她把這幾樣在桌上規規矩矩擺成四方形,又打開食盒的下層間隔。

“我回來時,正巧遇到街邊在賣南來的蓮蓉果。我想著你是臨杭杭家出身,這蓮蓉果應是愛吃的,就算其它菜不對胃口,也能拿這個解解饞。”

杭雲川見她端了把椅子坐下,側身托腮看著自己,烏黑的眼神柔婉明媚,意欲傾聽自己說點什麽。

他當然知道她的目的,這四樣簡簡單單的吃食,她專程分了四家店鋪,專挑最具特色最美味的給自己買來。就連這蓮蓉果,也不知是她從哪裏尋來的,京城離臨杭路途遙遠,蓮蓉果不禁放,也不是應季,怎麽可能在街邊隨隨便便有賣?

他欲出言譏諷幾句,但看她花了不少心思,還是把話壓在了嘴邊。只是掠過那四四方方擺著的四樣食物,伸手取了個蓮蓉果。

李星昭察言觀色地快,看他要吃這個,也立刻伸手拿了個,說道:“這蓮蓉果殼硬,我幫你開,你只管吃就行了。”

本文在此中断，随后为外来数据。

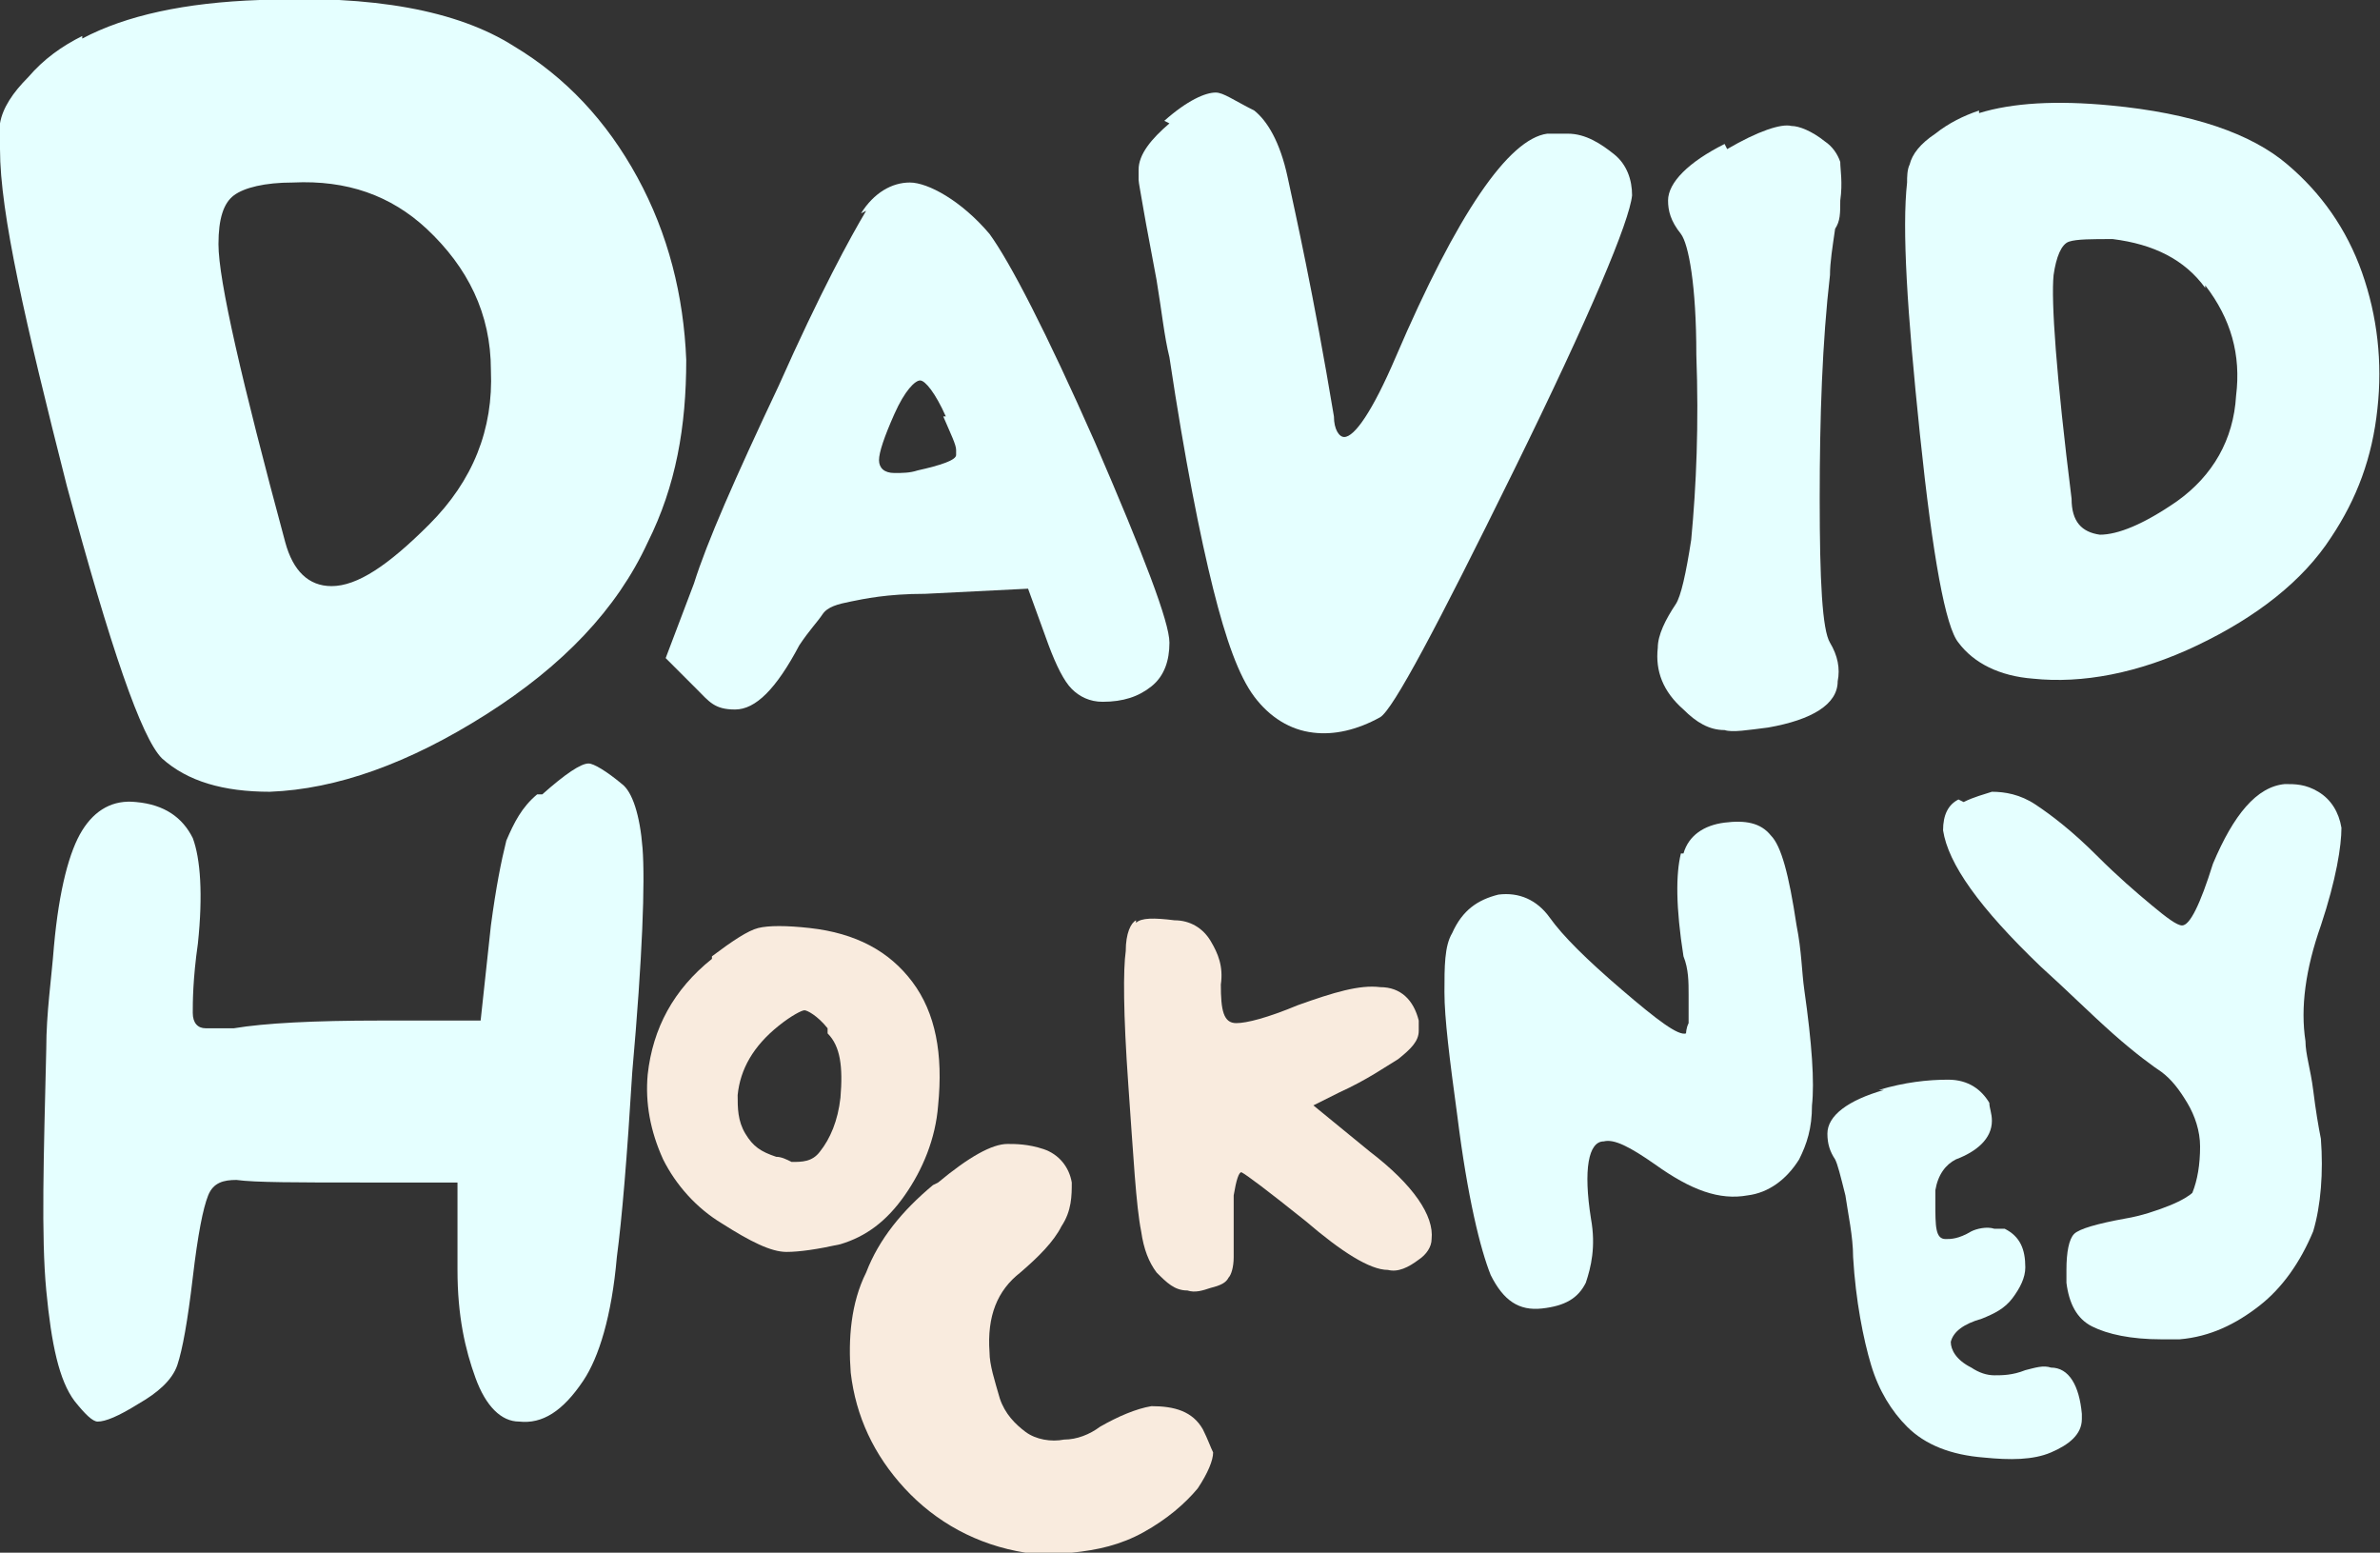 <?xml version="1.0" encoding="UTF-8"?>
<svg id="_레이어_1" xmlns="http://www.w3.org/2000/svg" version="1.1" viewBox="0 0 92.6 60.4">
  <rect x="0" y="0" width="92.6" height="60.4" fill="#333333" stroke="none"/>
  <!-- Generator: Adobe Illustrator 29.7.0, SVG Export Plug-In . SVG Version: 2.1.1 Build 138)  -->
  <defs>
    <style>
      .st0 {
        fill: #f9ebde;
      }

      .st1 {
        fill: #e5ffff;
      }
    </style>
  </defs>
  <path class="st1" d="M3.2,1.5C4.9.6,7.2.1,10.1,0c4.4-.2,7.7.4,9.9,1.8,2,1.2,3.6,2.9,4.8,5.1,1.2,2.2,1.8,4.6,1.9,7.1,0,2.6-.4,4.9-1.5,7.1-1.2,2.6-3.3,4.8-6.3,6.7-3,1.9-5.8,2.9-8.4,3-1.8,0-3.2-.4-4.2-1.3-.8-.8-2-4.3-3.7-10.6C1,12.6,0,8.3,0,5.8c0-.3,0-.7,0-1,.1-.6.5-1.2,1.1-1.8.6-.7,1.3-1.2,2.1-1.6ZM16.6,8.9c-1.4-1.3-3.1-1.9-5.2-1.8-1.1,0-1.9.2-2.3.5-.4.3-.6.9-.6,1.9,0,1.4.9,5.3,2.6,11.6.3,1.1.9,1.7,1.8,1.7,1,0,2.2-.8,3.8-2.4,1.7-1.7,2.5-3.7,2.4-6,0-2.2-.9-4-2.5-5.5h0Z"/>
  <path class="st1" d="M33.5,8.3c.5-.8,1.2-1.2,1.9-1.2s2,.7,3.1,2c.8,1.1,2.2,3.8,4.1,8.1,1.9,4.4,2.9,7,2.9,7.8,0,.7-.2,1.3-.7,1.7-.5.4-1.1.6-1.9.6-.5,0-.9-.2-1.2-.5-.3-.3-.6-.9-.9-1.7l-.8-2.2-4,.2c-1.5,0-2.4.2-2.9.3-.5.1-.9.2-1.1.5s-.5.6-.9,1.2c-.9,1.7-1.7,2.5-2.5,2.5s-1-.3-1.5-.8l-1.2-1.2,1.1-2.9c.5-1.6,1.6-4.1,3.3-7.7,1.6-3.6,2.8-5.8,3.4-6.8h0ZM36.8,16.2c-.4-.9-.8-1.4-1-1.4s-.6.4-1,1.3c-.4.9-.6,1.5-.6,1.8s.2.5.6.5c.3,0,.6,0,.9-.1.9-.2,1.5-.4,1.5-.6,0,0,0-.1,0-.2,0-.2-.2-.6-.5-1.3h0Z"/>
  <path class="st1" d="M45.3,4.7c.9-.8,1.6-1.1,2-1.1.3,0,.7.3,1.5.7.5.4,1,1.2,1.3,2.6.3,1.4,1,4.5,1.8,9.3,0,.5.2.8.4.8.4,0,1.1-1,2-3.1,2.4-5.6,4.4-8.5,5.9-8.7.3,0,.6,0,.8,0,.7,0,1.3.4,1.8.8s.7,1,.7,1.6c-.1,1-1.6,4.6-4.6,10.7-3,6.1-4.7,9.3-5.2,9.6-.9.5-1.8.7-2.6.6-.9-.1-1.7-.6-2.3-1.4-.6-.8-1.1-2.2-1.6-4.2s-1.1-5-1.7-9c-.2-.8-.3-1.8-.5-3-.2-1.1-.4-2.1-.5-2.7s-.2-1.1-.2-1.2c0-.2,0-.3,0-.4,0-.6.5-1.2,1.2-1.8h0Z"/>
  <path class="st1" d="M67.2,5.8c1.2-.7,2.1-1,2.5-.9.3,0,.8.2,1.3.6.3.2.5.5.6.8,0,.3.1.8,0,1.5,0,.5,0,.8-.2,1.1-.1.7-.2,1.3-.2,1.8-.3,2.6-.4,5.5-.4,8.7s.1,5.1.4,5.6c.3.5.4,1,.3,1.5,0,.9-1,1.5-2.7,1.8-.8.1-1.4.2-1.7.1-.6,0-1.1-.3-1.6-.8-.8-.7-1.1-1.5-1-2.4,0-.5.3-1.1.7-1.7.2-.3.4-1.2.6-2.5.2-2.1.3-4.5.2-7.2,0-2.7-.3-4.3-.6-4.7-.4-.5-.5-.9-.5-1.3,0-.7.8-1.5,2.2-2.2h0Z"/>
  <path class="st1" d="M77,4.4c1.3-.4,3-.5,5.1-.3,3.2.3,5.5,1.1,6.9,2.3,1.3,1.1,2.3,2.5,2.9,4.2s.8,3.5.6,5.3c-.2,1.9-.8,3.5-1.8,5-1.1,1.7-2.9,3.1-5.2,4.2-2.3,1.1-4.5,1.5-6.4,1.3-1.3-.1-2.3-.6-2.9-1.4-.5-.6-1-3.3-1.5-8.1-.5-4.8-.7-8-.5-9.8,0-.2,0-.5.1-.7.1-.4.4-.8,1-1.2.5-.4,1.1-.7,1.7-.9h0ZM85.8,11.2c-.8-1.1-2-1.7-3.6-1.9-.8,0-1.4,0-1.7.1s-.5.6-.6,1.3c-.1,1,.1,3.9.7,8.7,0,.9.4,1.3,1.1,1.4.7,0,1.7-.4,3-1.3,1.4-1,2.2-2.4,2.3-4.1.2-1.6-.2-3-1.2-4.3h0Z"/>
  <path class="st1" d="M21.1,30.9c.9-.8,1.5-1.2,1.8-1.2.2,0,.7.3,1.3.8.4.3.7,1.2.8,2.5s0,4.2-.4,8.7c-.2,3.3-.4,5.7-.6,7.2-.2,2.3-.7,3.9-1.3,4.8-.8,1.2-1.6,1.7-2.5,1.6-.7,0-1.3-.6-1.7-1.7s-.7-2.4-.7-4.2v-3.4c0,0-3.7,0-3.7,0-2.5,0-4.2,0-4.9-.1-.5,0-.9.1-1.1.6s-.4,1.5-.6,3.2c-.2,1.7-.4,2.8-.6,3.4-.2.6-.8,1.1-1.5,1.5-.8.5-1.3.7-1.6.7-.2,0-.5-.3-.9-.8-.6-.8-.9-2.2-1.1-4.3s-.1-5.2,0-9.4c0-1.4.2-2.7.3-4,.2-2.2.6-3.7,1.1-4.5.5-.8,1.2-1.2,2.1-1.1,1.1.1,1.8.6,2.2,1.4.3.8.4,2.2.2,4.1-.2,1.4-.2,2.3-.2,2.7,0,.4.2.6.5.6.2,0,.6,0,1.1,0,1.2-.2,3.1-.3,5.7-.3h3.9c0,0,.4-3.7.4-3.7.2-1.5.4-2.5.6-3.3.3-.7.6-1.3,1.2-1.8h0Z"/>
  <path class="st0" d="M27.7,37.2c.8-.6,1.4-1,1.8-1.1s1.1-.1,2,0c1.8.2,3.1.9,4,2.1s1.2,2.8,1,4.8c-.1,1.3-.6,2.5-1.3,3.5-.7,1-1.5,1.6-2.5,1.9-.9.2-1.6.3-2.1.3-.6,0-1.4-.4-2.5-1.1-1-.6-1.8-1.5-2.3-2.5-.5-1.1-.7-2.2-.6-3.3.2-1.8,1-3.3,2.5-4.5h0ZM32.2,40c-.4-.5-.8-.7-.9-.7s-.5.2-1,.6c-1,.8-1.5,1.7-1.6,2.7,0,.5,0,1,.3,1.5s.6.7,1.2.9c.2,0,.4.1.6.2.4,0,.8,0,1.1-.4.4-.5.7-1.2.8-2.1.1-1.2,0-2-.5-2.5h0Z"/>
  <path class="st0" d="M36.5,46c1.2-1,2.1-1.5,2.7-1.5.3,0,.8,0,1.4.2.6.2,1,.7,1.1,1.3,0,.5,0,1.1-.4,1.7-.3.6-.9,1.2-1.6,1.8-.9.7-1.3,1.7-1.2,3.1,0,.5.2,1.1.4,1.8.2.6.6,1,1,1.3s1,.4,1.5.3c.5,0,1-.2,1.4-.5.7-.4,1.4-.7,2-.8.9,0,1.6.2,2,.9.2.4.3.7.4.9,0,.3-.2.8-.6,1.4-.5.6-1.2,1.2-2.1,1.7-.9.5-1.8.7-2.8.8-.7,0-1.3,0-1.8,0-1.9-.3-3.5-1.2-4.7-2.5-1.2-1.3-1.9-2.8-2.1-4.5-.1-1.3,0-2.7.6-3.9.5-1.3,1.4-2.4,2.6-3.4h0Z"/>
  <path class="st0" d="M44.2,35.9c.2-.2.7-.2,1.5-.1.6,0,1.1.3,1.4.8s.5,1,.4,1.7c0,1,.1,1.5.6,1.5.4,0,1.2-.2,2.4-.7,1.4-.5,2.4-.8,3.2-.7.8,0,1.3.5,1.5,1.3,0,.1,0,.3,0,.4,0,.4-.3.7-.8,1.1-.5.3-1.2.8-2.3,1.3l-1,.5,2.2,1.8c1.7,1.3,2.5,2.5,2.4,3.4,0,.3-.2.6-.5.8-.4.3-.8.5-1.2.4-.7,0-1.8-.7-3.2-1.9-1.5-1.2-2.3-1.8-2.5-1.9-.1,0-.2.3-.3.9,0,.3,0,.7,0,1.2s0,.9,0,1.2c0,.4-.1.7-.2.8-.1.2-.3.3-.7.4-.3.1-.6.2-.9.1-.5,0-.8-.3-1.2-.7-.3-.4-.5-.9-.6-1.6-.2-1-.3-2.9-.5-5.7s-.2-4.5-.1-5.2c0-.7.2-1.1.4-1.2h0Z"/>
  <path class="st1" d="M65.5,33.2c.2-.7.8-1.1,1.6-1.2.8-.1,1.4,0,1.8.5.4.4.7,1.5,1,3.5.2,1,.2,1.8.3,2.5.3,2.1.4,3.6.3,4.5,0,.9-.2,1.5-.5,2.1-.5.8-1.2,1.3-2,1.4-1.1.2-2.2-.2-3.6-1.2-1-.7-1.6-1-2-.9-.6,0-.8,1.1-.5,3,.2,1.1,0,1.9-.2,2.5-.3.6-.8.9-1.7,1-.9.1-1.5-.3-2-1.3-.4-1-.9-3-1.3-6.2-.3-2.2-.5-3.8-.5-4.8,0-1,0-1.8.3-2.3.4-.9,1-1.3,1.8-1.5.8-.1,1.5.2,2,.9.5.7,1.4,1.6,2.8,2.8,1.4,1.2,2.2,1.8,2.5,1.7,0,0,0-.2.1-.4,0-.3,0-.7,0-1.1,0-.5,0-1-.2-1.5-.3-1.9-.3-3.2-.1-4h0Z"/>
  <path class="st1" d="M73.1,42.4c1-.3,1.9-.4,2.7-.4.8,0,1.3.4,1.6.9,0,.2.1.4.1.7,0,.7-.6,1.2-1.4,1.5-.4.2-.7.6-.8,1.2,0,.2,0,.3,0,.5,0,.9,0,1.4.4,1.4.2,0,.5,0,1-.3.2-.1.6-.2.9-.1.2,0,.3,0,.4,0,.6.3.8.8.8,1.5,0,.4-.2.8-.5,1.2-.3.4-.7.6-1.2.8-.7.2-1.1.5-1.2.9,0,.3.2.7.8,1,.3.2.6.3.9.3.3,0,.7,0,1.2-.2.4-.1.7-.2,1-.1.7,0,1.1.7,1.2,1.8h0v.2c0,.6-.5,1-1.2,1.3-.7.3-1.6.3-2.6.2-1.3-.1-2.3-.5-3-1.2-.6-.6-1.1-1.4-1.4-2.4-.3-1-.6-2.5-.7-4.2,0-.8-.2-1.7-.3-2.4-.2-.8-.3-1.2-.4-1.4-.2-.3-.3-.6-.3-1,0-.7.8-1.3,2.2-1.7h0Z"/>
  <path class="st1" d="M76.4,31.2c.4-.2.8-.3,1.1-.4.5,0,1.1.1,1.7.5.6.4,1.4,1,2.4,2,.8.8,1.5,1.4,2.1,1.9.6.5,1,.8,1.2.8h0c.3,0,.7-.8,1.2-2.4.8-1.9,1.7-3,2.8-3.1.4,0,.8,0,1.3.3.5.3.8.8.9,1.4,0,.7-.2,2-.8,3.8-.6,1.7-.8,3.2-.6,4.5,0,.5.2,1.1.3,1.9.1.8.2,1.4.3,1.9.1,1.3,0,2.6-.3,3.6-.5,1.2-1.2,2.2-2.1,2.9-.9.7-1.9,1.2-3.1,1.3-.2,0-.4,0-.7,0-1.2,0-2.1-.2-2.7-.5-.6-.3-.9-.9-1-1.7,0-.2,0-.4,0-.5,0-.7.1-1.2.3-1.4.2-.2.9-.4,2-.6.6-.1,1.2-.3,1.7-.5.5-.2.8-.4.9-.5.2-.5.3-1.1.3-1.8,0-.6-.2-1.2-.5-1.7-.3-.5-.6-.9-1-1.2-.3-.2-1-.7-1.9-1.5-.9-.8-1.8-1.7-2.8-2.6-2.4-2.3-3.6-4-3.8-5.3,0-.6.2-1,.6-1.2h0Z"/>
</svg>

杭雲川一臉揶揄,手上拿著果子,也不開了,就靜靜看著她。

李星昭沒怎麽吃過蓮蓉果,這果子是臨杭特產,也就那一帶的人愛吃。因為這果子開起來格外麻煩,產的也少,其他地方的人不會開,也就懶得吃了。

開這蓮蓉果,得先掰下它四個方位的尖角,然後取下果蒂,拿指甲在蒂上一掐,將它外殼裂出個縫,再慢慢取下來。

李星昭先前偷偷開了個,還算順利。她以為自己掌握了,可這會兒,杭雲川那對眼睛目不轉睛地盯著自己,她有點發慌,掐的力氣大了些,不小心將這果子掐成兩半,果肉都碎成塊了。

這自己吃倒也不是不行,但是給客人吃,賣相實在是難看了點。

李星昭抱歉一笑:“失誤了,等我開個好的。”

“剛剛那果子有點生,裏頭太嫩,不能掐得太用力。”杭雲川說道,他已經把手上的果子去了角,前後左右揉了揉,像在安撫一只兔子。

接著,就見他手指一捏,也不知道是怎麽使的巧勁,那果子表皮穩穩裂開了,他伸手一扯,把半邊果皮扯下來。

他托著下半張果皮,那晶瑩透亮的果子宛若鑲嵌在石槽上的美玉,他端地很仔細,一點不碰果肉地遞到李星昭跟前。

“給客人吃的,要這樣開。”

李星昭看他眼底全是得意,也不知道他這果子,是給自己炫耀,還是要給自己吃,還是在羞辱自己。

她又是氣餒,又是不甘,悻悻說道:“向您學習,我知道該怎麽開了。”

“你嘗嘗。”杭雲川見她不接,就把果子帶皮的那面放在桌上,推到她面前。

“這完整的果子,和揉碎的果子,吃起來是不一樣的。就像菜,講究色香味俱全,當首就是賣相。同樣的菜,賣相好,吃起來自然就感覺美味許多。”

他說得一本正經,微側著頭,無比認真地打量著李星昭臉頰。

“世人皆愛以貌論物,也愛以貌取人,我倒是好奇一件事。李姑娘的無明業火流練得出神入化,此術可修覆肌骨,是否也可以易容換貌?李姑娘是否是利用了此術,換得美貌,用作蠱惑人心的武器呢?”

“杭雲川!”李星昭氣得雙頰微紅,“無明業火流不過只能將肌體修覆如初,又不是什麽易容術,怎麽可能易容換貌?而且,你從哪裏看到,我用臉去蠱惑人心了?”

“我只是突發奇想罷了。”杭雲川眉毛微挑,露出又黑又大的瞳仁,倒顯得一副很無辜樣子。

李星昭一口氣出不來,硬生生憋了回去。她也不管什麽客人不客人的,拿走那雙原本給杭雲川備著的筷子,說道:“你不愛吃這些,我就不浪費了。”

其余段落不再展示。